What is the difference between a broadcast join and a map-side join in Spark

Apache Spark provides various types of joins to combine data from two or more data sources. Two commonly used joins are broadcast join and map-side join. Both are used to improve the performance of join operations in Spark. However, there are some differences between these two types of joins.

In this blog, we will discuss the difference between a broadcast join and a map-side join in Spark.

Broadcast Join

A broadcast join is used when one table is significantly smaller than the other table. In a broadcast join, the smaller table is broadcasted to all the worker nodes, which then perform the join operation with the larger table. This ensures that each worker node has all the data it needs to perform the join operation, and reduces the amount of data that needs to be shuffled across the network.

Broadcast join is ideal when the size of the smaller table is less than the memory available on each worker node. This is because, if the size of the smaller table is larger than the available memory, it can cause out-of-memory errors on the worker nodes.

In Spark, we can perform a broadcast join by using the broadcast() function to broadcast a DataFrame or a Dataset. The broadcast() function converts the DataFrame or Dataset into a Broadcast variable, which is then sent to all the worker nodes. Here is an example of how to perform a broadcast join in Spark SQL:

import org.apache.spark.sql.functions.broadcast 
        
val df1 = spark.read.format("csv").load("table1.csv") 
val df2 = spark.read.format("csv").load("table2.csv") 

val smallTable = df1.filter("column1 = 'value'") 
val broadcastTable = broadcast(smallTable) 

val joinedDF = df2.join(broadcastTable, "join_column") 

In this example, df1 and df2 are two DataFrames that we want to join. We first create a new DataFrame smallTable by filtering df1 to only include the rows where column1 equals a certain value. We then broadcast this smaller DataFrame using the broadcast() function, and join it with df2 using the join() function.

Map-Side Join

A map-side join is used when both tables being joined are too large to be broadcasted to all worker nodes. In a map-side join, Spark divides the data in both tables into multiple partitions and then sends each partition to a different worker node. Each worker node then performs the join operation on its partition of the data. Finally, Spark merges the results from all worker nodes to create the final result.

Map-side join can be more efficient than shuffle join in some cases as it avoids the data shuffling across the network. However, map-side join is only possible when the join condition satisfies certain requirements. Specifically, the join condition must be an equijoin, which means that it can only involve equality operators.

In Spark, we can perform a map-side join by using the repartition() function to partition the DataFrames or Datasets that we want to join. Here is an example of how to perform a map-side join in Spark SQL:

val df1 = spark.read.format("csv").load("table1.csv") 
val df2 = spark.read.format("csv").load("table2.csv") 

val repartitionedDF1 = df1.repartition(100, "join_column") 
val repartitionedDF2 = df2.repartition(100, "join_column") 

val joinedDF = repartitionedDF1.join(repartitionedDF2, "join_column") 

In this example, df1 and df2 are two DataFrames that we want to join. We first use the repartition() function to partition both Dataframe

Difference between broadcast join and map-side join

The main difference between broadcast join and map-side join is how they handle data shuffling across the network. In a broadcast join, the smaller table is broadcast to all the worker nodes, and the join is performed locally on each node. This means that there is no data shuffling across the network.

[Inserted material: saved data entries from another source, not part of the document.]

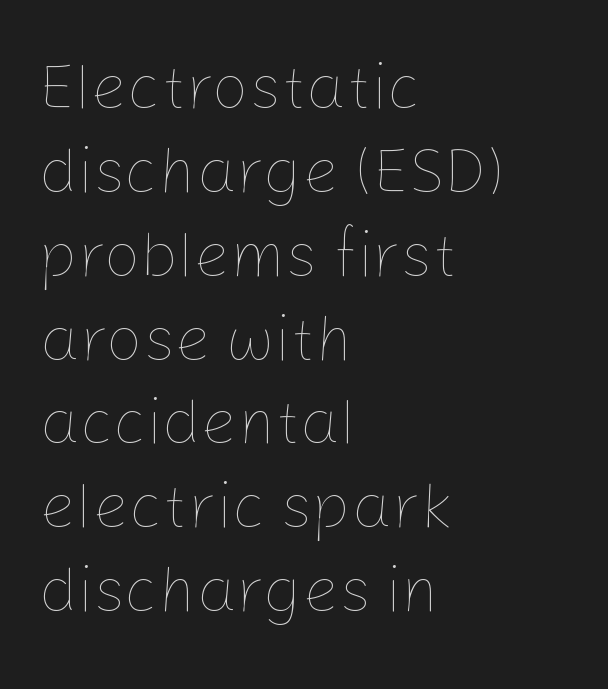
The tracking reads as untouched default to a designer's eye. All the whitespace from short lines collects on the right. The strokes carry an ordinary text weight at most. Here the designer chose a conventional face with non-uniform glyph widths. These lines were composed using upright roman letters.
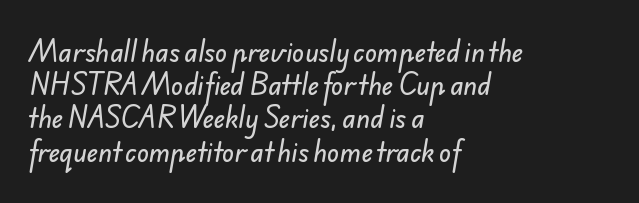
The image shows 25 px text type; set left-aligned, normal line spacing (1.33x), normal letter spacing, not underlined.
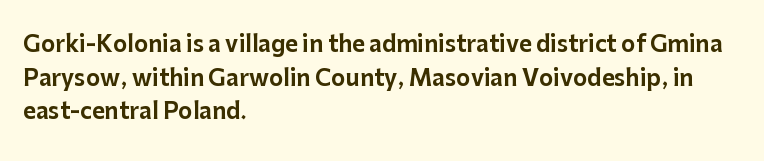
Q: Is the text italic (slanted)? A: No, it is upright.
Q: Is the text underlined? A: No.
Q: How is the paragraph aligned? A: Left-aligned.
Q: Is the spacing between letters normal or unusually wide? A: Normal.
Q: Is the spacing between lines tight, normal or loose? A: Normal.
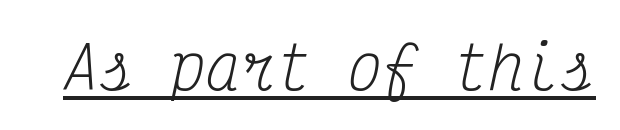
{"serif": "yes", "italic": "yes", "lean": "right", "slant_degrees": 12, "bold": "no", "weight": "regular", "width": "condensed", "stroke_contrast": "medium", "x_height": "medium", "monospaced": "yes", "underline": "yes", "letter_spacing": "normal", "letter_spacing_em": 0.0, "glyph_px": 59}
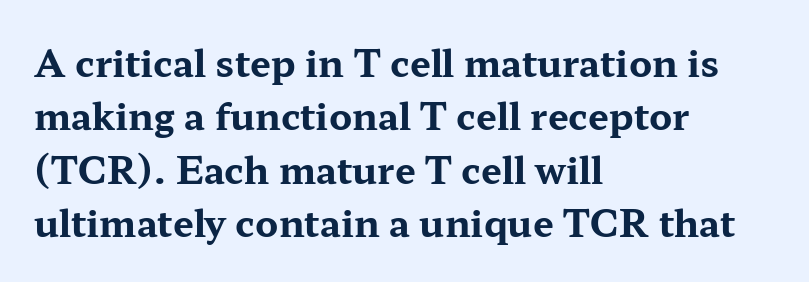
The image shows 37 px bold, wide serif type, upright; set left-aligned, normal line spacing (1.44x), normal letter spacing, not underlined; medium stroke contrast and a medium x-height.
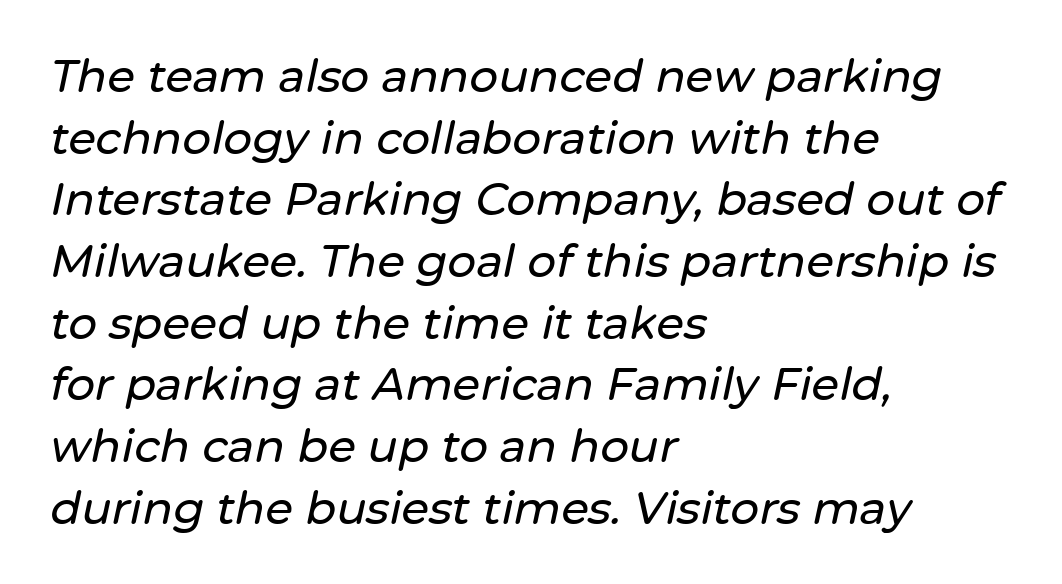
The image shows 45 px text type, italic (leaning right); set left-aligned, normal line spacing (1.37x), normal letter spacing, not underlined; low stroke contrast and a medium x-height.
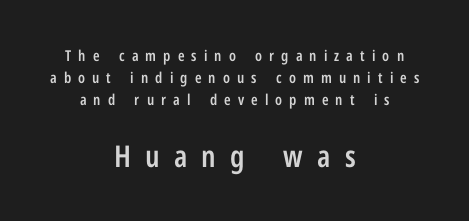
{"serif": "no", "italic": "no", "bold": "semi", "weight": "semibold", "width": "condensed", "stroke_contrast": "low", "x_height": "medium", "monospaced": "no", "underline": "no", "align": "center", "line_spacing": "normal", "line_spacing_ratio": 1.47, "letter_spacing": "wide", "letter_spacing_em": 0.47, "larger_block": "second", "size_ratio": 2.0, "glyph_px": 30}
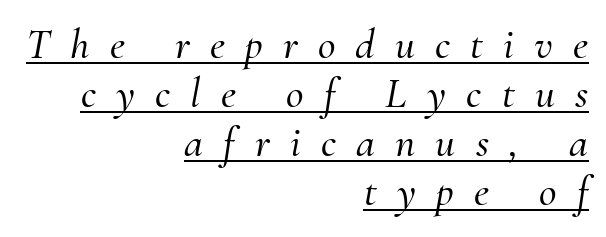
Check where the strokes stop: tiny serifs finish them off. Looks like regular typesetting: each glyph gets only the width it needs. Looking at the ascenders, they clearly lean. Someone cranked the tracking dial way up on this one.
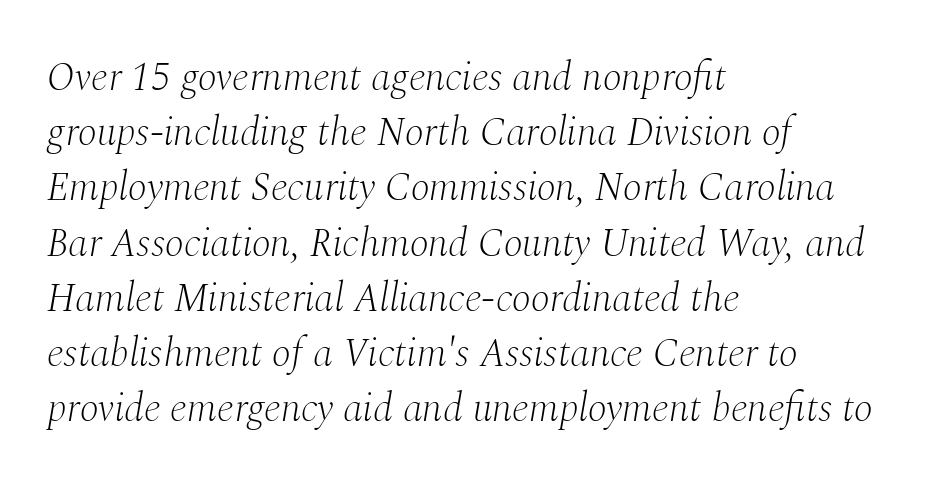
This sample has the flowing, uneven cadence of proportional lettering. This rendering uses left alignment, leaving the right contour irregular. Between one letter and the next there's only the usual sliver of space. Compared with ordinary roman type, these characters are visibly tilted. Line spacing here is normal. Vertical stems look standard width or narrower in stroke.
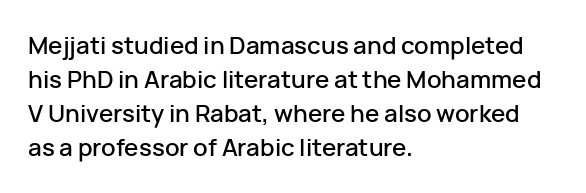
Each word holds together tightly as a unit, with standard inter-letter gaps. Horizontally, the lines are justified to the leading edge only. Check the space under the baseline: it is left empty. Leading matches the norm, producing a regular column.
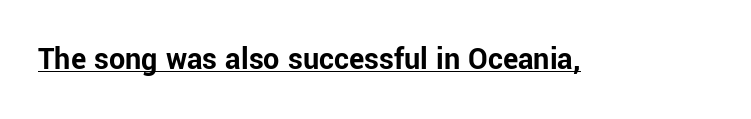
The image shows 32 px bold sans-serif type, upright; set normal letter spacing, underlined; low stroke contrast and a medium x-height.
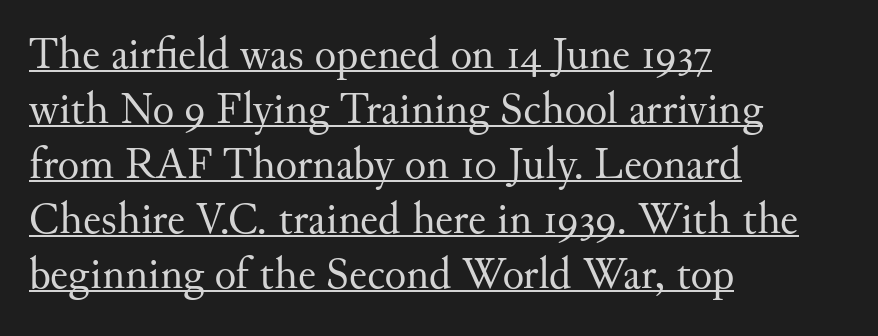
Quick note: underline on. Spacing between characters is what you'd get straight out of the box. The rendering shows small feet on the letterforms — a serif design. Posture: upright roman. Here the designer chose a conventional face with non-uniform glyph widths.
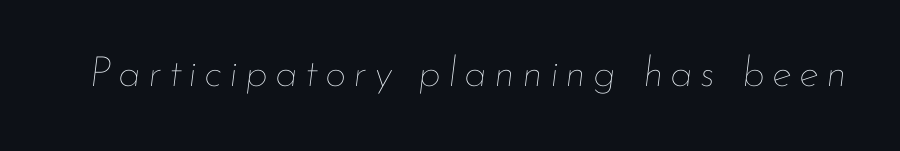
Think of a printed novel: that variable character pitch is what you see here. Caption: face not bold, strokes unweighted. Yep, that's italic — everything's leaning. Underline: absent.
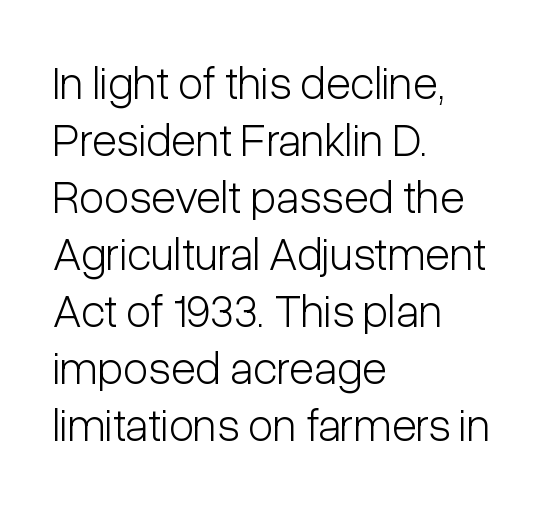
Is the type heavy? It reads as light-to-regular instead. Every stem runs plumb, perpendicular to the baseline. Caption: standard tracking, unaltered. The rendering shows plain stroke endings on the letterforms — a sans-serif design.
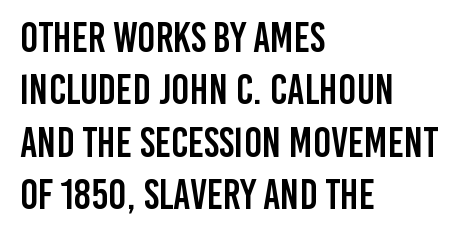
The image shows 42 px condensed sans-serif type, upright; set left-aligned, normal line spacing (1.25x), normal letter spacing, not underlined; low stroke contrast and a large x-height.
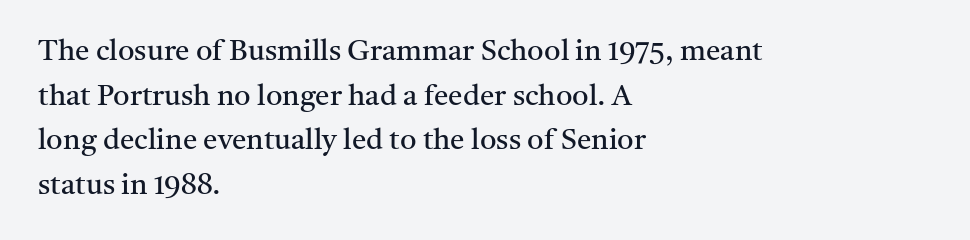
{"serif": "yes", "italic": "no", "bold": "no", "weight": "regular", "width": "normal", "stroke_contrast": "medium", "x_height": "medium", "monospaced": "no", "underline": "no", "align": "left", "line_spacing": "normal", "line_spacing_ratio": 1.54, "letter_spacing": "normal", "letter_spacing_em": 0.0, "glyph_px": 29}
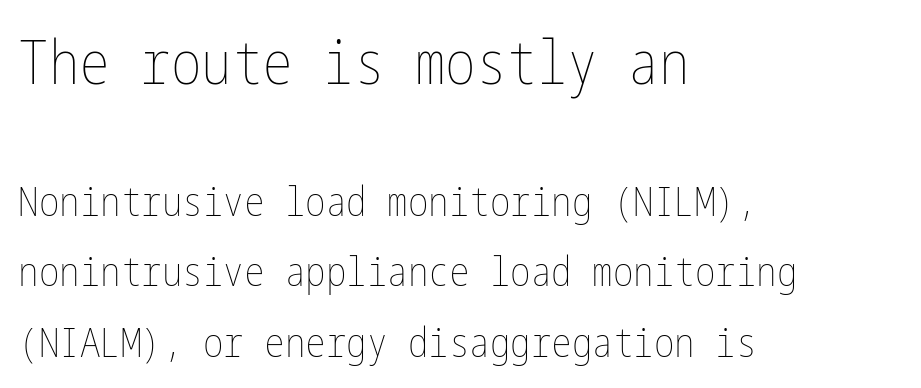
The image shows 61 px thin, condensed type, upright; set left-aligned, line spacing 1.72x, normal letter spacing, not underlined; the first (top) block is 1.49x larger; low stroke contrast and a medium x-height.
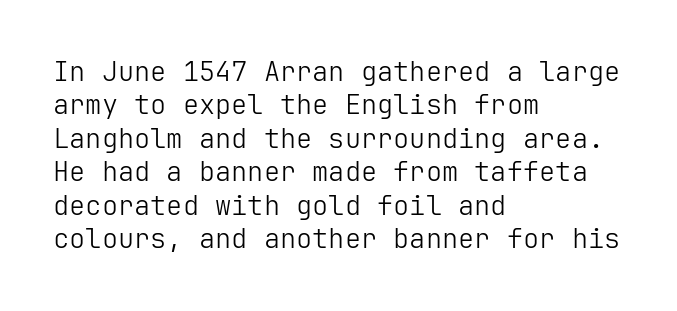
The image shows 27 px text type, upright; set left-aligned, line spacing 1.24x, normal letter spacing, not underlined.
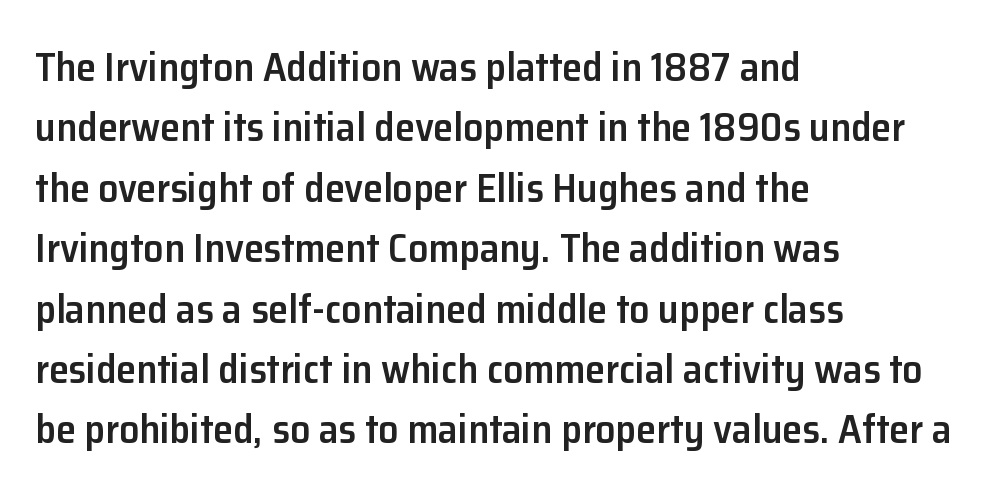
{"serif": "no", "italic": "no", "bold": "semi", "weight": "semibold", "width": "normal", "stroke_contrast": "low", "x_height": "medium", "monospaced": "no", "underline": "no", "align": "left", "line_spacing": "normal", "line_spacing_ratio": 1.51, "letter_spacing": "normal", "letter_spacing_em": 0.0, "glyph_px": 40}
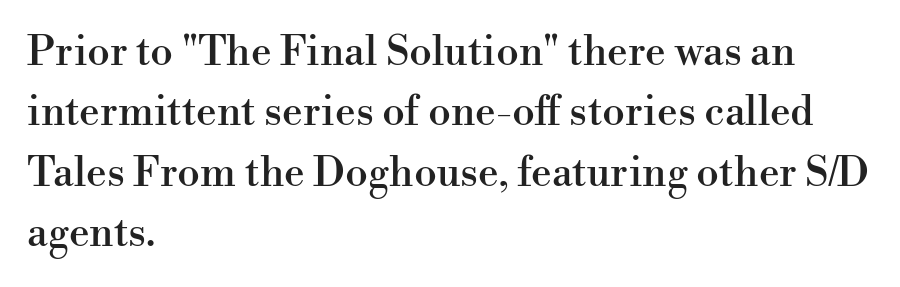
{"serif": "yes", "italic": "no", "width": "normal", "stroke_contrast": "high", "x_height": "small", "monospaced": "no", "underline": "no", "align": "left", "line_spacing": "normal", "line_spacing_ratio": 1.47, "letter_spacing": "normal", "letter_spacing_em": 0.0, "glyph_px": 41}
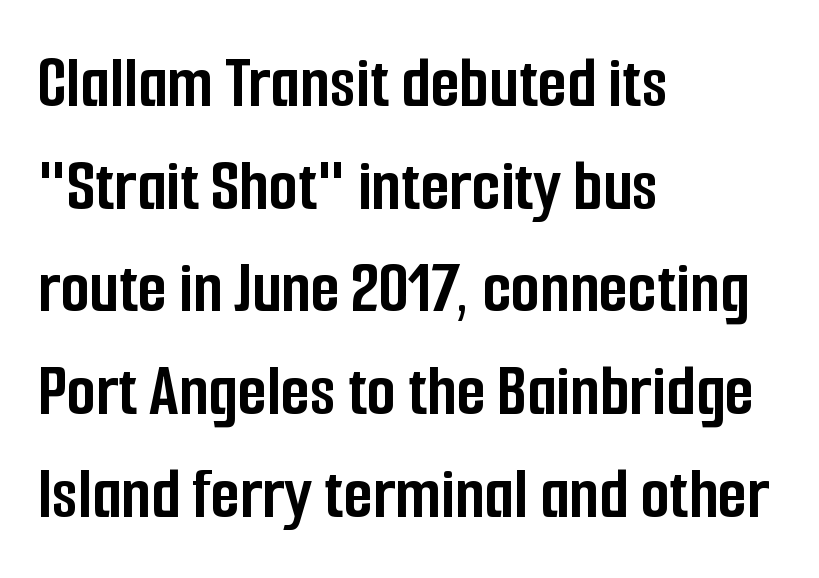
Q: Is the text bold? A: Yes.
Q: Is the text italic (slanted)? A: No, it is upright.
Q: Is the typeface a serif or a sans-serif typeface? A: Sans-serif.
Q: Is the text underlined? A: No.
Q: How is the paragraph aligned? A: Left-aligned.
Q: Is the spacing between letters normal or unusually wide? A: Normal.
Q: Is the spacing between lines tight, normal or loose? A: Normal.
Q: Width (condensed, normal, or wide)? A: Condensed.
Q: Stroke contrast? A: Low.
Q: x-height? A: Medium.
Q: Monospaced? A: No.
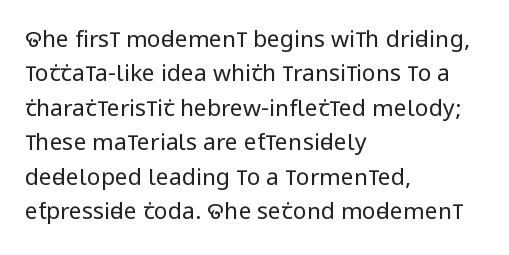
{"italic": "no", "bold": "no", "underline": "no", "align": "left", "line_spacing": "normal", "line_spacing_ratio": 1.5, "letter_spacing": "normal", "letter_spacing_em": 0.0, "glyph_px": 23}
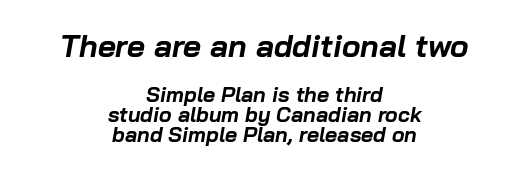
The image shows 31 px bold type, italic (leaning right); set centered, tight line spacing (0.96x), normal letter spacing, not underlined; the first (top) block is 1.48x larger; low stroke contrast and a medium x-height.
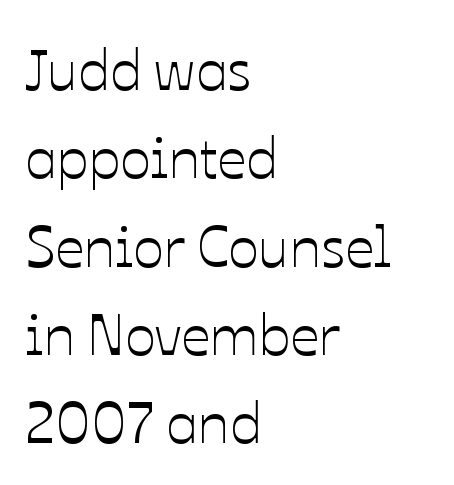
The image shows 57 px text type, upright; set left-aligned, normal line spacing (1.55x), normal letter spacing, not underlined; low stroke contrast and a medium x-height.
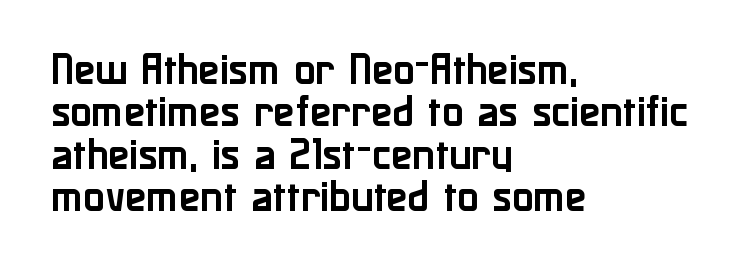
{"serif": "no", "italic": "no", "width": "normal", "stroke_contrast": "low", "x_height": "medium", "monospaced": "no", "underline": "no", "align": "left", "line_spacing_ratio": 1.21, "letter_spacing": "normal", "letter_spacing_em": 0.0, "glyph_px": 35}
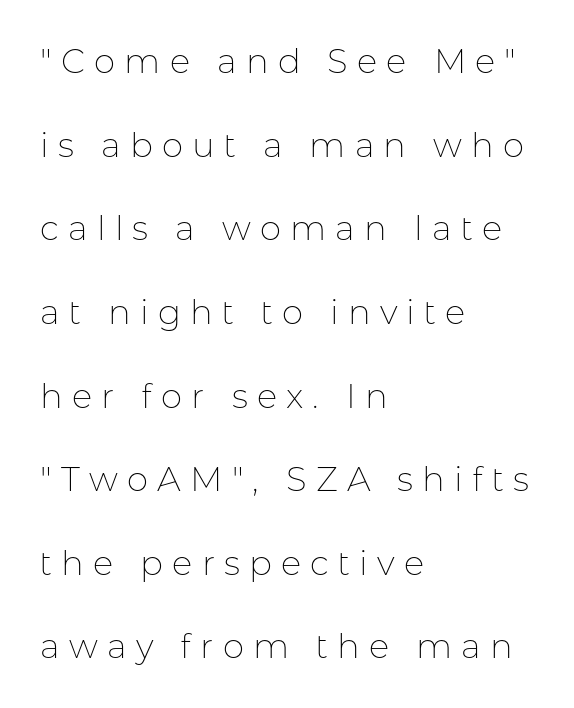
The image shows 34 px thin sans-serif type, upright; set left-aligned, loose line spacing (2.46x), unusually wide letter spacing (+0.27 em), not underlined; low stroke contrast and a medium x-height.
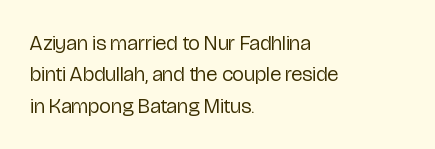
Each row of text sits above clean, open space. Italic? Not at all — the glyphs are vertical. Typeset ragged right — the left edge is the straight one. Each word holds together tightly as a unit, with standard inter-letter gaps. Interline gaps are of average width in this sample.

In a map-side join, both tables are partitioned based on the join key, and the join operation is performed locally on each node. This means that there is some data shuffling across the network, but it is much less than other types of join operations.

Broadcast join is suitable when one of the tables involved in the join is small enough to fit in memory. Map-side join is suitable when both tables involved in the join are large.

When to use broadcast join and map-side join

Broadcast join is useful when one of the tables involved in the join is small enough to fit in memory. It can be used in scenarios where one table is a dimension table, and the other table is a fact table. The dimension table is small enough to fit in memory, while the fact table is large.

Map-side join is useful when both tables involved in the join are large. It is suitable for scenarios where the tables have been pre-partitioned based on the join key.